Multi-Modality Embedding Alignment: Trains AI systems to understand and relate information across different modalities (text, images, audio, etc.) by aligning their embeddings in a shared space.
Mixture of Experts (MoE): An ensemble technique combining multiple machine learning models for improved performance and efficiency, commonly used in top-performing ML systems.
qLORA: A technique to make language model training and fine-tuning more cost-effective.
Graph Networks for Material Science: Applying graph-based AI models to predict and discover new, stable crystal structures.
AI-Powered Code Analysis and Modification: Using AI models to analyze code, prioritize issues, and automatically generate patches for security vulnerabilities.
Explainable AI (XAI) Techniques: Developing methods to make AI decision-making more transparent, with frameworks and tools like the Language Interpretability Tool and What-If Tool.
Deep Learning, Reinforcement Learning (RL), and Federated Learning (FL) in Networks: Applying these paradigms for network management tasks like mobility, scalability, energy efficiency, privacy, and reliability.
Linear RNNs/State Space Models (SSMs): These are emerging as strong contenders to Transformers, especially for long sequences. They address the quadratic complexity of Transformers' attention mechanism. Key examples are Mamba, Griffin, Jamba, H3, S4, Hyena Hierarchy, StripedHyena-7B, RWKV and Megalodon.
Test-Time Training (TTT) Models: This approach replaces the transformer's "hidden state" with an internal machine-learning model.

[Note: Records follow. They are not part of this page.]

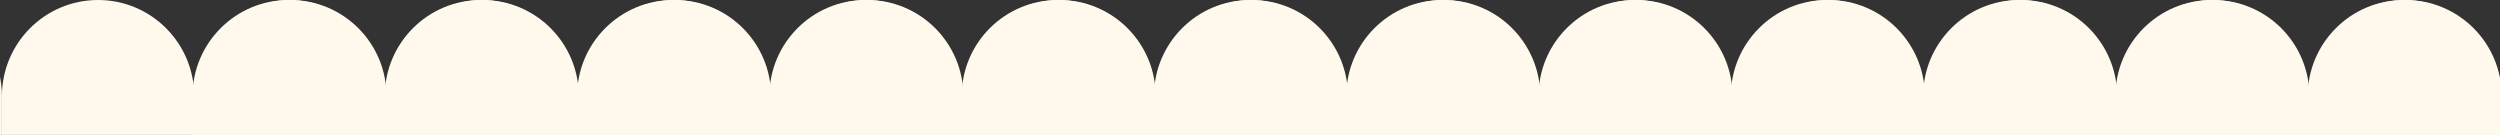 <svg width="1130" height="61" viewBox="0 0 1130 61" fill="none" xmlns="http://www.w3.org/2000/svg">
<rect x="0" y="0" width="1130" height="61" fill="#333333" stroke="none"/>
<g clip-path="url(#clip0_2119_16)">
<path d="M-955.216 43.49C-955.216 19.471 -935.759 0 -911.758 0C-887.756 0 -868.299 19.471 -868.299 43.49V76.944C-868.299 100.963 -887.756 120.434 -911.758 120.434C-935.759 120.434 -955.216 100.963 -955.216 76.944V43.49Z" fill="#FFF8ED"/>
<path d="M-868.297 43.49C-868.297 19.471 -848.84 0 -824.839 0C-800.838 0 -781.381 19.471 -781.381 43.49V76.944C-781.381 100.963 -800.838 120.434 -824.839 120.434C-848.84 120.434 -868.297 100.963 -868.297 76.944V43.49Z" fill="#FFF8ED"/>
<path d="M-781.385 43.49C-781.385 19.471 -761.928 0 -737.926 0C-713.925 0 -694.468 19.471 -694.468 43.49V76.944C-694.468 100.963 -713.925 120.434 -737.926 120.434C-761.928 120.434 -781.385 100.963 -781.385 76.944V43.49Z" fill="#FFF8ED"/>
<path d="M-694.466 43.49C-694.466 19.471 -675.009 0 -651.007 0C-627.006 0 -607.549 19.471 -607.549 43.49V76.944C-607.549 100.963 -627.006 120.434 -651.007 120.434C-675.009 120.434 -694.466 100.963 -694.466 76.944V43.49Z" fill="#FFF8ED"/>
<path d="M-607.549 43.49C-607.549 19.471 -588.091 0 -564.09 0C-540.088 0 -520.631 19.471 -520.631 43.49V76.944C-520.631 100.963 -540.088 120.434 -564.09 120.434C-588.091 120.434 -607.549 100.963 -607.549 76.944V43.49Z" fill="#FFF8ED"/>
<path d="M-520.635 43.49C-520.635 19.471 -501.178 0 -477.176 0C-453.175 0 -433.718 19.471 -433.718 43.49V76.944C-433.718 100.963 -453.175 120.434 -477.176 120.434C-501.178 120.434 -520.635 100.963 -520.635 76.944V43.49Z" fill="#FFF8ED"/>
<path d="M-433.718 43.49C-433.718 19.471 -414.26 0 -390.258 0C-366.257 0 -346.8 19.471 -346.8 43.49V76.944C-346.8 100.963 -366.257 120.434 -390.258 120.434C-414.26 120.434 -433.718 100.963 -433.718 76.944V43.49Z" fill="#FFF8ED"/>
<path d="M-346.8 43.49C-346.8 19.471 -327.343 0 -303.341 0C-279.34 0 -259.883 19.471 -259.883 43.49V76.944C-259.883 100.963 -279.34 120.434 -303.341 120.434C-327.343 120.434 -346.8 100.963 -346.8 76.944V43.49Z" fill="#FFF8ED"/>
<path d="M-259.883 43.49C-259.883 19.471 -240.427 0 -216.425 0C-192.424 0 -172.967 19.471 -172.967 43.49V76.944C-172.967 100.963 -192.424 120.434 -216.425 120.434C-240.427 120.434 -259.883 100.963 -259.883 76.944V43.49Z" fill="#FFF8ED"/>
<path d="M-172.967 43.49C-172.967 19.471 -153.51 0 -129.508 0C-105.507 0 -86.05 19.471 -86.05 43.49V76.944C-86.05 100.963 -105.507 120.434 -129.508 120.434C-153.51 120.434 -172.967 100.963 -172.967 76.944V43.49Z" fill="#FFF8ED"/>
<path d="M-86.05 43.49C-86.05 19.471 -66.593 0 -42.592 0C-18.59 0 0.867 19.471 0.867 43.49V76.944C0.867 100.963 -18.59 120.434 -42.592 120.434C-66.593 120.434 -86.05 100.963 -86.05 76.944V43.49Z" fill="#FFF8ED"/>
<path d="M0.867 43.49C0.867 19.471 20.322 0 44.324 0C68.325 0 87.782 19.471 87.782 43.49V76.944C87.782 100.963 68.325 120.434 44.324 120.434C20.322 120.434 0.867 100.963 0.867 76.944V43.49Z" fill="#FFF8ED"/>
<path d="M87.782 43.49C87.782 19.471 107.24 0 131.242 0C155.243 0 174.7 19.471 174.7 43.49V76.944C174.7 100.963 155.243 120.434 131.242 120.434C107.24 120.434 87.782 100.963 87.782 76.944V43.49Z" fill="#FFF8ED"/>
<path d="M174.7 43.49C174.7 19.471 194.157 0 218.158 0C242.16 0 261.617 19.471 261.617 43.49V76.944C261.617 100.963 242.16 120.434 218.158 120.434C194.157 120.434 174.7 100.963 174.7 76.944V43.49Z" fill="#FFF8ED"/>
<path d="M261.617 43.49C261.617 19.471 281.072 0 305.073 0C329.075 0 348.532 19.471 348.532 43.49V76.944C348.532 100.963 329.075 120.434 305.073 120.434C281.072 120.434 261.617 100.963 261.617 76.944V43.49Z" fill="#FFF8ED"/>
<path d="M348.532 43.49C348.532 19.471 367.989 0 391.991 0C415.992 0 435.449 19.471 435.449 43.49V76.944C435.449 100.963 415.992 120.434 391.991 120.434C367.989 120.434 348.532 100.963 348.532 76.944V43.49Z" fill="#FFF8ED"/>
<path d="M435.449 43.49C435.449 19.471 454.906 0 478.908 0C502.909 0 522.366 19.471 522.366 43.49V76.944C522.366 100.963 502.909 120.434 478.908 120.434C454.906 120.434 435.449 100.963 435.449 76.944V43.49Z" fill="#FFF8ED"/>
<path d="M522.366 43.49C522.366 19.471 541.823 0 565.824 0C589.825 0 609.282 19.471 609.282 43.49V76.944C609.282 100.963 589.825 120.434 565.824 120.434C541.823 120.434 522.366 100.963 522.366 76.944V43.49Z" fill="#FFF8ED"/>
<path d="M609.282 43.49C609.282 19.471 628.739 0 652.741 0C676.742 0 696.199 19.471 696.199 43.49V76.944C696.199 100.963 676.742 120.434 652.741 120.434C628.739 120.434 609.282 100.963 609.282 76.944V43.49Z" fill="#FFF8ED"/>
<path d="M696.199 43.49C696.199 19.471 715.655 0 739.656 0C763.658 0 783.115 19.471 783.115 43.49V76.944C783.115 100.963 763.658 120.434 739.656 120.434C715.655 120.434 696.199 100.963 696.199 76.944V43.49Z" fill="#FFF8ED"/>
<path d="M783.115 43.49C783.115 19.471 802.573 0 826.575 0C850.576 0 870.033 19.471 870.033 43.49V76.944C870.033 100.963 850.576 120.434 826.575 120.434C802.573 120.434 783.115 100.963 783.115 76.944V43.49Z" fill="#FFF8ED"/>
<path d="M870.033 43.49C870.033 19.471 889.49 0 913.491 0C937.492 0 956.949 19.471 956.949 43.49V76.944C956.949 100.963 937.492 120.434 913.491 120.434C889.49 120.434 870.033 100.963 870.033 76.944V43.49Z" fill="#FFF8ED"/>
<path d="M956.946 43.49C956.946 19.471 976.403 0 1000.4 0C1024.41 0 1043.86 19.471 1043.86 43.49V76.944C1043.86 100.963 1024.41 120.434 1000.4 120.434C976.403 120.434 956.946 100.963 956.946 76.944V43.49Z" fill="#FFF8ED"/>
<path d="M1043.87 43.49C1043.87 19.471 1063.32 0 1087.32 0C1111.33 0 1130.78 19.471 1130.78 43.49V76.944C1130.78 100.963 1111.33 120.434 1087.32 120.434C1063.32 120.434 1043.87 100.963 1043.87 76.944V43.49Z" fill="#FFF8ED"/>
<path d="M-1042 43.49C-1042 19.471 -1022.54 0 -998.542 0C-974.54 0 -955.083 19.471 -955.083 43.49V76.944C-955.083 100.963 -974.54 120.434 -998.542 120.434C-1022.54 120.434 -1042 100.963 -1042 76.944V43.49Z" fill="#FFF8ED"/>
<path d="M1130.78 43.49C1130.78 19.471 1150.24 0 1174.24 0C1198.24 0 1217.7 19.471 1217.7 43.49V76.944C1217.7 100.963 1198.24 120.434 1174.24 120.434C1150.24 120.434 1130.78 100.963 1130.78 76.944V43.49Z" fill="#FFF8ED"/>
<path d="M1217.7 43.49C1217.7 19.471 1237.16 0 1261.16 0C1285.16 0 1304.62 19.471 1304.62 43.49V76.944C1304.62 100.963 1285.16 120.434 1261.16 120.434C1237.16 120.434 1217.7 100.963 1217.7 76.944V43.49Z" fill="#FFF8ED"/>
<path d="M1304.49 45.056C1304.49 21.037 1323.94 1.566 1347.94 1.566C1371.95 1.566 1391.4 21.037 1391.4 45.056V78.51C1391.4 102.529 1371.95 122 1347.94 122C1323.94 122 1304.49 102.529 1304.49 78.51V45.056Z" fill="#FFF8ED"/>
<path d="M87.001 43.49C87.001 19.471 106.458 0 130.46 0C154.461 0 173.918 19.471 173.918 43.49V76.944C173.918 100.963 154.461 120.434 130.46 120.434C106.458 120.434 87.001 100.963 87.001 76.944V43.49Z" fill="#FFF8ED"/>
<path d="M173.92 43.49C173.92 19.471 193.377 0 217.378 0C241.379 0 260.836 19.471 260.836 43.49V76.944C260.836 100.963 241.379 120.434 217.378 120.434C193.377 120.434 173.92 100.963 173.92 76.944V43.49Z" fill="#FFF8ED"/>
<path d="M260.833 43.49C260.833 19.471 280.29 0 304.291 0C328.292 0 347.749 19.471 347.749 43.49V76.944C347.749 100.963 328.292 120.434 304.291 120.434C280.29 120.434 260.833 100.963 260.833 76.944V43.49Z" fill="#FFF8ED"/>
<path d="M347.751 43.49C347.751 19.471 367.208 0 391.21 0C415.211 0 434.668 19.471 434.668 43.49V76.944C434.668 100.963 415.211 120.434 391.21 120.434C367.208 120.434 347.751 100.963 347.751 76.944V43.49Z" fill="#FFF8ED"/>
<path d="M434.668 43.49C434.668 19.471 454.126 0 478.128 0C502.129 0 521.586 19.471 521.586 43.49V76.944C521.586 100.963 502.129 120.434 478.128 120.434C454.126 120.434 434.668 100.963 434.668 76.944V43.49Z" fill="#FFF8ED"/>
<path d="M521.582 43.49C521.582 19.471 541.039 0 565.041 0C589.042 0 608.499 19.471 608.499 43.49V76.944C608.499 100.963 589.042 120.434 565.041 120.434C541.039 120.434 521.582 100.963 521.582 76.944V43.49Z" fill="#FFF8ED"/>
<path d="M608.499 43.49C608.499 19.471 627.957 0 651.959 0C675.96 0 695.417 19.471 695.417 43.49V76.944C695.417 100.963 675.96 120.434 651.959 120.434C627.957 120.434 608.499 100.963 608.499 76.944V43.49Z" fill="#FFF8ED"/>
<path d="M695.417 43.49C695.417 19.471 714.874 0 738.876 0C762.877 0 782.334 19.471 782.334 43.49V76.944C782.334 100.963 762.877 120.434 738.876 120.434C714.874 120.434 695.417 100.963 695.417 76.944V43.49Z" fill="#FFF8ED"/>
<path d="M782.334 43.49C782.334 19.471 801.79 0 825.792 0C849.793 0 869.25 19.471 869.25 43.49V76.944C869.25 100.963 849.793 120.434 825.792 120.434C801.79 120.434 782.334 100.963 782.334 76.944V43.49Z" fill="#FFF8ED"/>
<path d="M869.25 43.49C869.25 19.471 888.707 0 912.709 0C936.71 0 956.167 19.471 956.167 43.49V76.944C956.167 100.963 936.71 120.434 912.709 120.434C888.707 120.434 869.25 100.963 869.25 76.944V43.49Z" fill="#FFF8ED"/>
<path d="M956.167 43.49C956.167 19.471 975.624 0 999.626 0C1023.63 0 1043.08 19.471 1043.08 43.49V76.944C1043.08 100.963 1023.63 120.434 999.626 120.434C975.624 120.434 956.167 100.963 956.167 76.944V43.49Z" fill="#FFF8ED"/>
<path d="M1043.08 43.49C1043.08 19.471 1062.54 0 1086.54 0C1110.54 0 1130 19.471 1130 43.49V76.944C1130 100.963 1110.54 120.434 1086.54 120.434C1062.54 120.434 1043.08 100.963 1043.08 76.944V43.49Z" fill="#FFF8ED"/>
<path d="M1130 43.49C1130 19.471 1149.46 0 1173.46 0C1197.46 0 1216.92 19.471 1216.92 43.49V76.944C1216.92 100.963 1197.46 120.434 1173.46 120.434C1149.46 120.434 1130 100.963 1130 76.944V43.49Z" fill="#FFF8ED"/>
<path d="M1216.92 43.49C1216.92 19.471 1236.37 0 1260.38 0C1284.38 0 1303.83 19.471 1303.83 43.49V76.944C1303.83 100.963 1284.38 120.434 1260.38 120.434C1236.37 120.434 1216.92 100.963 1216.92 76.944V43.49Z" fill="#FFF8ED"/>
<path d="M1303.83 43.49C1303.83 19.471 1323.29 0 1347.29 0C1371.29 0 1390.75 19.471 1390.75 43.49V76.944C1390.75 100.963 1371.29 120.434 1347.29 120.434C1323.29 120.434 1303.83 100.963 1303.83 76.944V43.49Z" fill="#FFF8ED"/>
<path d="M1390.75 43.49C1390.75 19.471 1410.21 0 1434.21 0C1458.21 0 1477.67 19.471 1477.67 43.49V76.944C1477.67 100.963 1458.21 120.434 1434.21 120.434C1410.21 120.434 1390.75 100.963 1390.75 76.944V43.49Z" fill="#FFF8ED"/>
<path d="M1477.67 43.49C1477.67 19.471 1497.12 0 1521.12 0C1545.13 0 1564.58 19.471 1564.58 43.49V76.944C1564.58 100.963 1545.13 120.434 1521.12 120.434C1497.12 120.434 1477.67 100.963 1477.67 76.944V43.49Z" fill="#FFF8ED"/>
<path d="M1564.58 43.49C1564.58 19.471 1584.04 0 1608.04 0C1632.04 0 1651.5 19.471 1651.5 43.49V76.944C1651.5 100.963 1632.04 120.434 1608.04 120.434C1584.04 120.434 1564.58 100.963 1564.58 76.944V43.49Z" fill="#FFF8ED"/>
<path d="M1651.5 43.49C1651.5 19.471 1670.96 0 1694.96 0C1718.96 0 1738.42 19.471 1738.42 43.49V76.944C1738.42 100.963 1718.96 120.434 1694.96 120.434C1670.96 120.434 1651.5 100.963 1651.5 76.944V43.49Z" fill="#FFF8ED"/>
<path d="M1738.42 43.49C1738.42 19.471 1757.87 0 1781.87 0C1805.87 0 1825.33 19.471 1825.33 43.49V76.944C1825.33 100.963 1805.87 120.434 1781.87 120.434C1757.87 120.434 1738.42 100.963 1738.42 76.944V43.49Z" fill="#FFF8ED"/>
<path d="M1825.33 43.49C1825.33 19.471 1844.79 0 1868.79 0C1892.79 0 1912.25 19.471 1912.25 43.49V76.944C1912.25 100.963 1892.79 120.434 1868.79 120.434C1844.79 120.434 1825.33 100.963 1825.33 76.944V43.49Z" fill="#FFF8ED"/>
<path d="M1912.25 43.49C1912.25 19.471 1931.71 0 1955.71 0C1979.71 0 1999.17 19.471 1999.17 43.49V76.944C1999.17 100.963 1979.71 120.434 1955.71 120.434C1931.71 120.434 1912.25 100.963 1912.25 76.944V43.49Z" fill="#FFF8ED"/>
<path d="M1999.16 43.49C1999.16 19.471 2018.62 0 2042.62 0C2066.62 0 2086.08 19.471 2086.08 43.49V76.944C2086.08 100.963 2066.62 120.434 2042.62 120.434C2018.62 120.434 1999.16 100.963 1999.16 76.944V43.49Z" fill="#FFF8ED"/>
<path d="M2086.08 43.49C2086.08 19.471 2105.54 0 2129.54 0C2153.54 0 2173 19.471 2173 43.49V76.944C2173 100.963 2153.54 120.434 2129.54 120.434C2105.54 120.434 2086.08 100.963 2086.08 76.944V43.49Z" fill="#FFF8ED"/>
</g>
<defs>
<clipPath id="clip0_2119_16">
<rect width="1130" height="61" fill="white"/>
</clipPath>
</defs>
</svg>

This allows processing much larger amounts of data without a corresponding growth in model size, potentially exceeding the capabilities of current Transformer-based models.
Hybrid Approaches: Combining the strengths of different architectures, such as Transformer-CNN hybrids and Transformer-RNN hybrids.
Neural Radiance Fields (NeRFs) and Beyond: including dynamic content, Nerfies, NeRF-W and def-NeRF, Factor Fields, 3D Gaussian Splatting (3DGS), Neural Fields Beyond Conventional Cameras, and NeRFCodec.
Scaling Rectified Flow Transformers: For High resolution image synthesis.
Conclusion
In conclusion, AI research and startups are characterized by a dynamic and evolving landscape of techniques and methodologies. These shifts are driven by advancements in foundational models, a deeper understanding of the critical role of data, the ongoing challenges in evaluation, the development of sophisticated prompting strategies, the integration of multimodality, a focus on practical applications, new approaches to information retrieval and question answering, the increasing importance of qualitative evaluation, a growing awareness of security concerns, and the evolving perspectives of creative practitioners.